* **Dataset records**
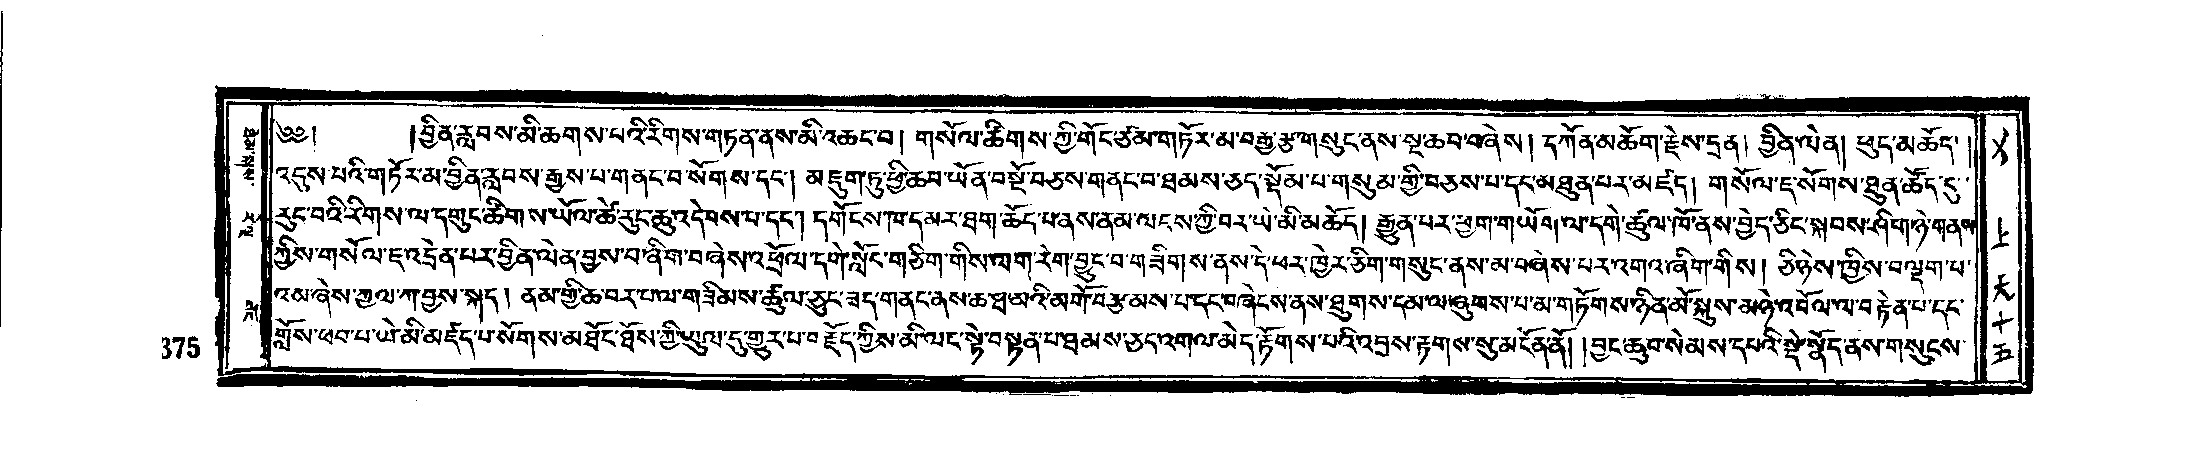༄༅། །བྱིན་རླབས་མི་ཆགས་པའི་རིགས་གཏན་ནས་མི་འཆང་བ། གསོལ་ཚིགས་ཀྱི་གོང་ཙམ་གཏོར་མ་བརྒྱ་རྩ་གསུང་ནས་སྔ་ཆབ་བཞེས། དཀོན་མཆོག་རྗེས་དྲན། བྱིན་ལེན། ཕུད་མཆོད་།
འདུས་པའི་གཏོར་མ་བྱིན་རླབས་རྒྱས་པ་གནང་བ་སོགས་དང་། མཇུག་ཏུ་ཕྱི་ཆབ་ཡོན་བསྔོ་བཅས་གནང་བ་ཐམས་ཅད་སྡོམ་པ་གསུམ་གྱི་བཅས་པ་དང་མཐུན་པར་མཛད། གསོལ་ཇ་སོགས་ཐུན་ཚོད་དུ་
རུང་བའི་རིགས་ལ་དགུང་ཚིགས་ཡོལ་ཚེ་རུང་ཆུ་འདེབས་པ་དང་། དགོངས་ཁ་དམར་ཐག་ཆོད་པ་ནས་ནམ་ལངས་ཀྱི་བར་ཡེ་མི་མཆོད། རྒྱུན་པར་ཕྱག་གཡོག་ལ་དགེ་ཚུལ་ཁོ་ནས་བྱེད་ཅིང་སྐབས་ཤིག་ཉེ་གནས་
ཀྱིས་གསོལ་ཇ་འདྲེན་པར་བྱིན་ལེན་བྱས་པ་ཞིག་བཞེས་འཕྲོལ་དགེ་སློང་གཅིག་གིས་ལག་རེག་བྱུང་བ་གཟིགས་ནས་དེ་ཕར་ཁྱེར་ཅིག་གསུང་ནས་མ་བཞེས་པར་འགའ་ཞིག་གིས། ཅི་ཉེས་ཁྱིས་བལྡག་པ་
འམ་ཞེས་ཀྱལ་ཀ་བྱས་སྐད། ནམ་གྱི་ཆ་བར་པ་ལ་གཟིམས་ཚུལ་ཅུང་ཟད་གནང་ནས་ཆ་ཐ་མའི་མགོ་བརྩམས་པ་དང་བཞེངས་ནས་ཐུགས་དམ་ལ་ཞུགས་པ་མ་གཏོགས་ཉིན་མོ་སྐུས་མཉེ་འབོལ་ལ་བརྟེན་པ་དང་
གློས་ཕབ་པ་ཡེ་མི་མཛད་པ་སོགས་མཐོང་ཐོས་ཀྱི་ཡུལ་དུ་གྱུར་པ་བརྗོད་ཀྱིས་མི་ལང་སྟེ་བསྟན་པ་ཐམས་ཅད་འགལ་མེད་རྟོགས་པའི་འབྲས་རྟགས་སུ་མངོན་ནོ། །བྱང་ཆུབ་སེམས་དཔའི་སྡེ་སྣོད་ནས་གསུངས་

* **What is expected**
Everything from the line with "ཀྱིས་གསོལ་ཇ་འད" through the line with "འམ་ཞེས་ཀྱལ་ཀ་བ" should be written out exactly as it appears above, end lines included, and nothing outside that range.

* **Task response**
ཀྱིས་གསོལ་ཇ་འདྲེན་པར་བྱིན་ལེན་བྱས་པ་ཞིག་བཞེས་འཕྲོལ་དགེ་སློང་གཅིག་གིས་ལག་རེག་བྱུང་བ་གཟིགས་ནས་དེ་ཕར་ཁྱེར་ཅིག་གསུང་ནས་མ་བཞེས་པར་འགའ་ཞིག་གིས། ཅི་ཉེས་ཁྱིས་བལྡག་པ་
འམ་ཞེས་ཀྱལ་ཀ་བྱས་སྐད། ནམ་གྱི་ཆ་བར་པ་ལ་གཟིམས་ཚུལ་ཅུང་ཟད་གནང་ནས་ཆ་ཐ་མའི་མགོ་བརྩམས་པ་དང་བཞེངས་ནས་ཐུགས་དམ་ལ་ཞུགས་པ་མ་གཏོགས་ཉིན་མོ་སྐུས་མཉེ་འབོལ་ལ་བརྟེན་པ་དང་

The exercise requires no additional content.